### Input
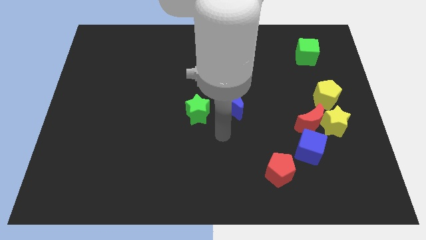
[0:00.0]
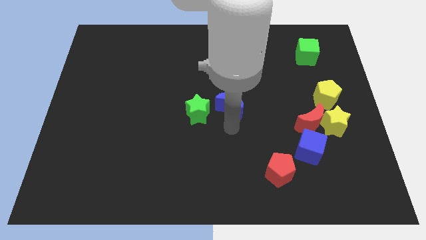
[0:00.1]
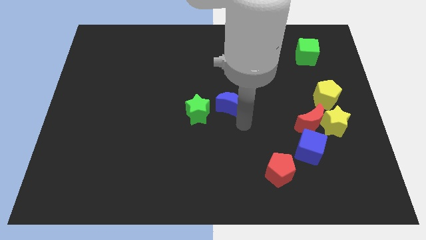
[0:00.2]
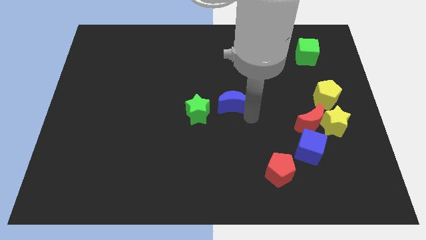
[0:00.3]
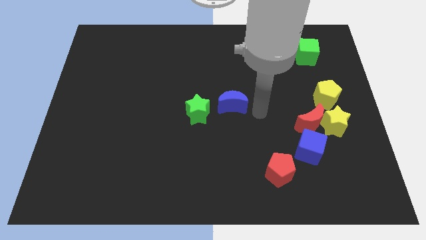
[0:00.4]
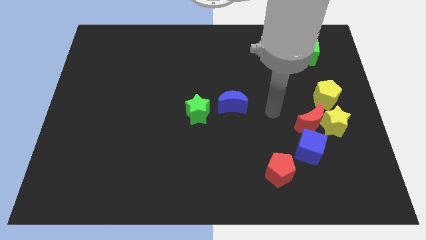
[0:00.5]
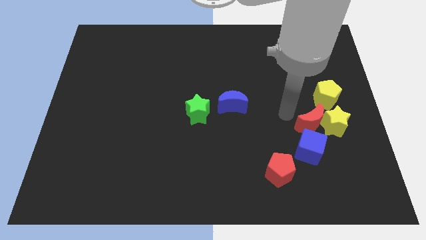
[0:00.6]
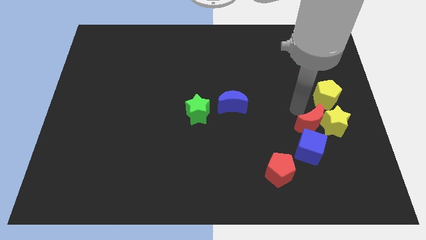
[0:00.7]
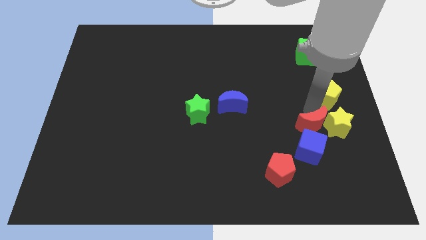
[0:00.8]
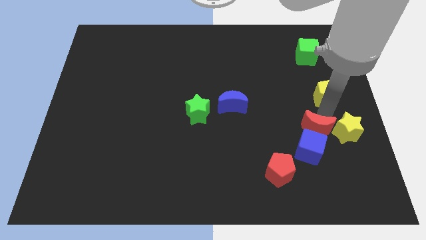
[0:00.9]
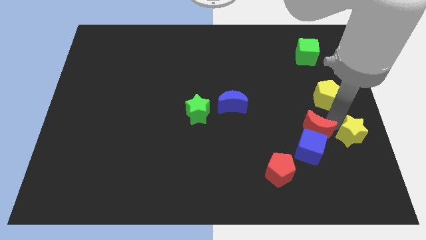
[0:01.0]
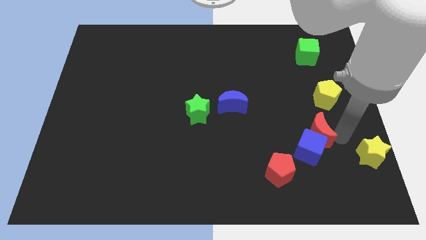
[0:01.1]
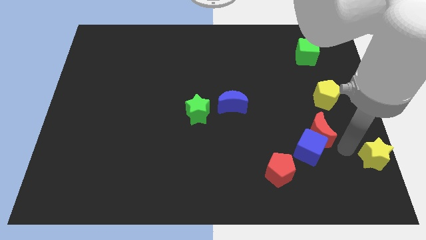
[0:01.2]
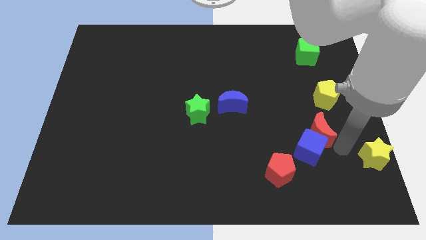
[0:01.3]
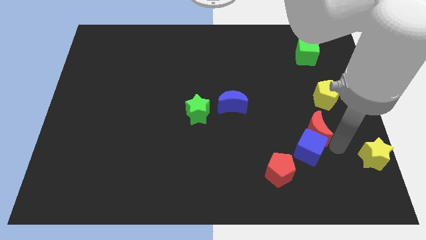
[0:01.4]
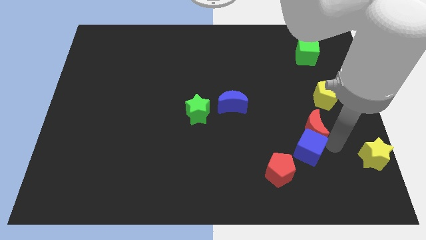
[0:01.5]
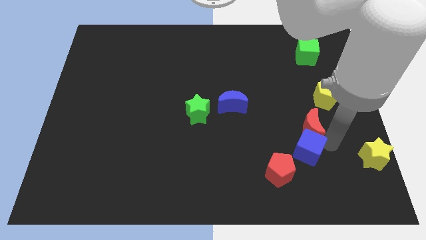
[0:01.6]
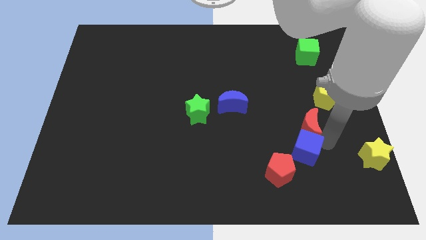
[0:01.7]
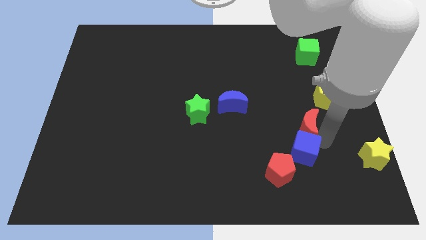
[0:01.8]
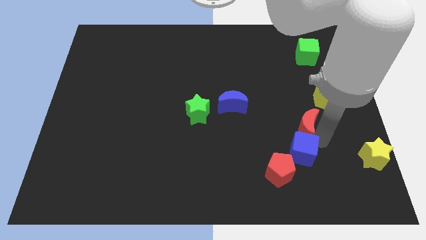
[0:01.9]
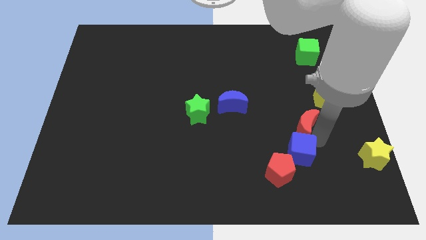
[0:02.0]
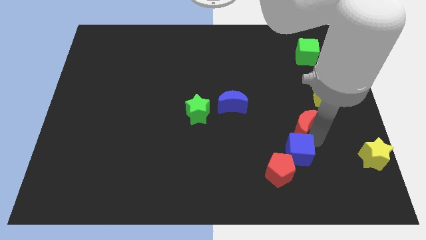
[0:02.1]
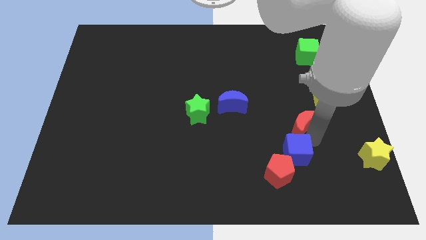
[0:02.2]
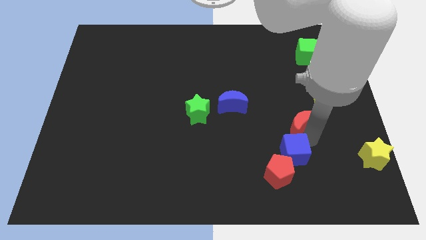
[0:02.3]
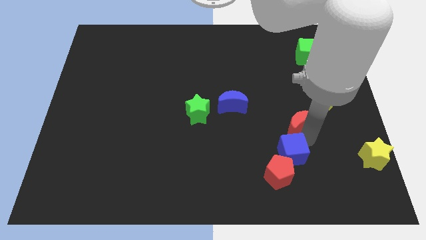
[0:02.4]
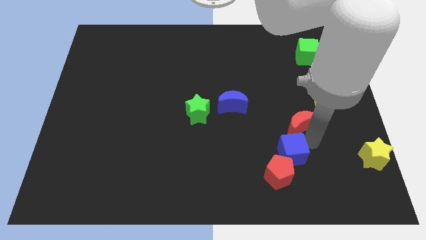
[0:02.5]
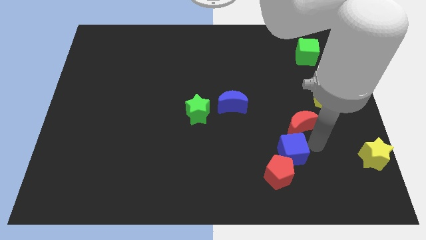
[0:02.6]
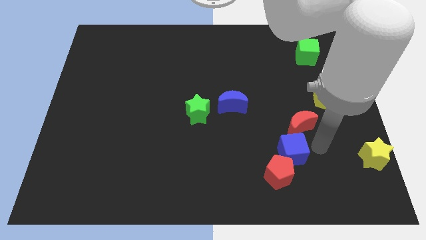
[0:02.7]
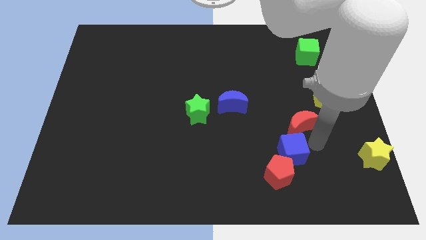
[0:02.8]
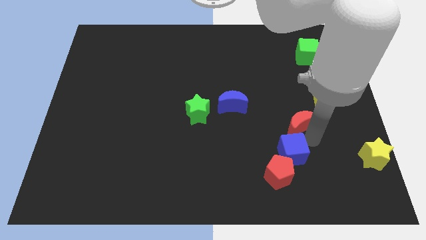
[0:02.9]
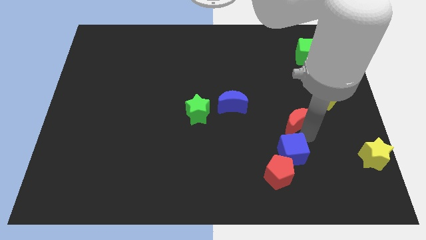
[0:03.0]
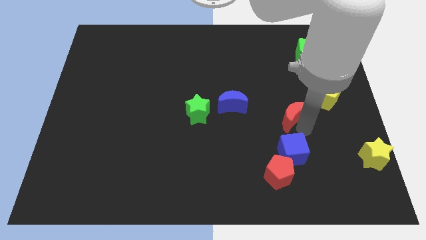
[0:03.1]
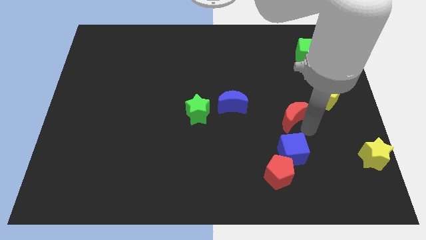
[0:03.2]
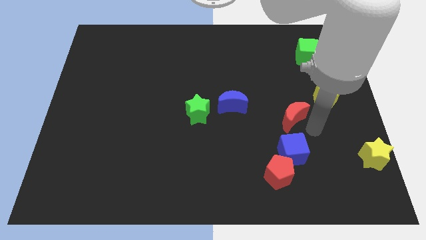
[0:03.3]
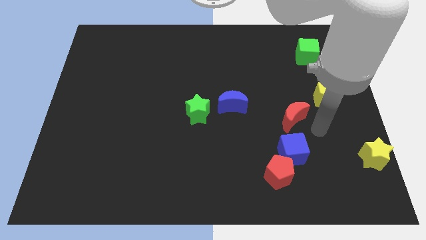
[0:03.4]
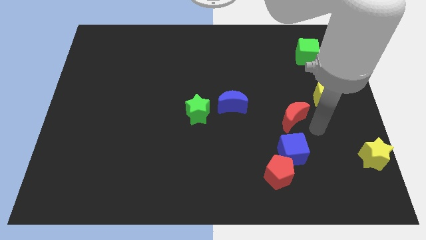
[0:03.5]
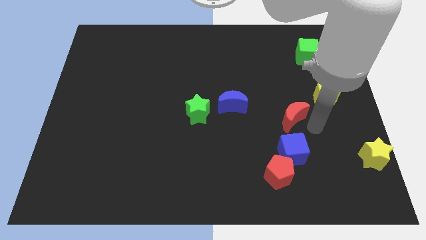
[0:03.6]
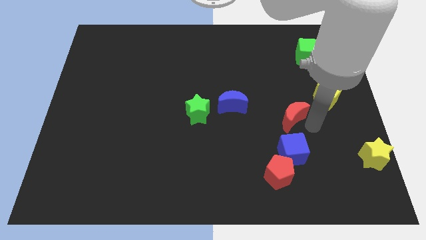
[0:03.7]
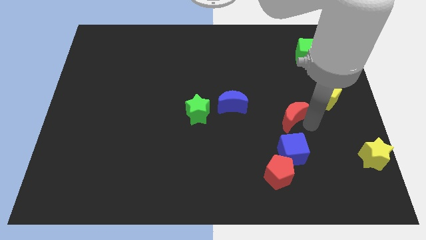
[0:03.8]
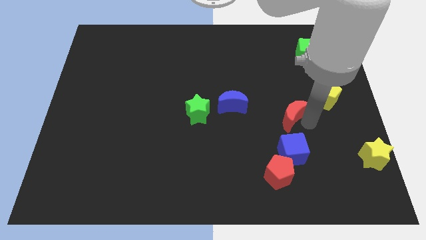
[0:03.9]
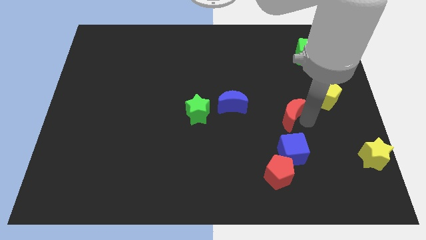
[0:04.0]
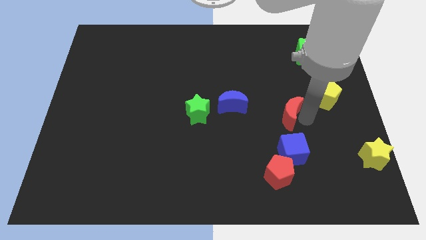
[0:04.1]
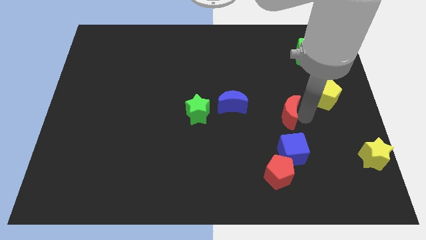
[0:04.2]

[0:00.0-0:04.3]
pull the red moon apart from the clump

### Your instructions
Please repeat every record above exactly, but leave out the pictures.

### Answer space
[0:00.0]
[0:00.1]
[0:00.2]
[0:00.3]
[0:00.4]
[0:00.5]
[0:00.6]
[0:00.7]
[0:00.8]
[0:00.9]
[0:01.0]
[0:01.1]
[0:01.2]
[0:01.3]
[0:01.4]
[0:01.5]
[0:01.6]
[0:01.7]
[0:01.8]
[0:01.9]
[0:02.0]
[0:02.1]
[0:02.2]
[0:02.3]
[0:02.4]
[0:02.5]
[0:02.6]
[0:02.7]
[0:02.8]
[0:02.9]
[0:03.0]
[0:03.1]
[0:03.2]
[0:03.3]
[0:03.4]
[0:03.5]
[0:03.6]
[0:03.7]
[0:03.8]
[0:03.9]
[0:04.0]
[0:04.1]
[0:04.2]

[0:00.0-0:04.3]
pull the red moon apart from the clump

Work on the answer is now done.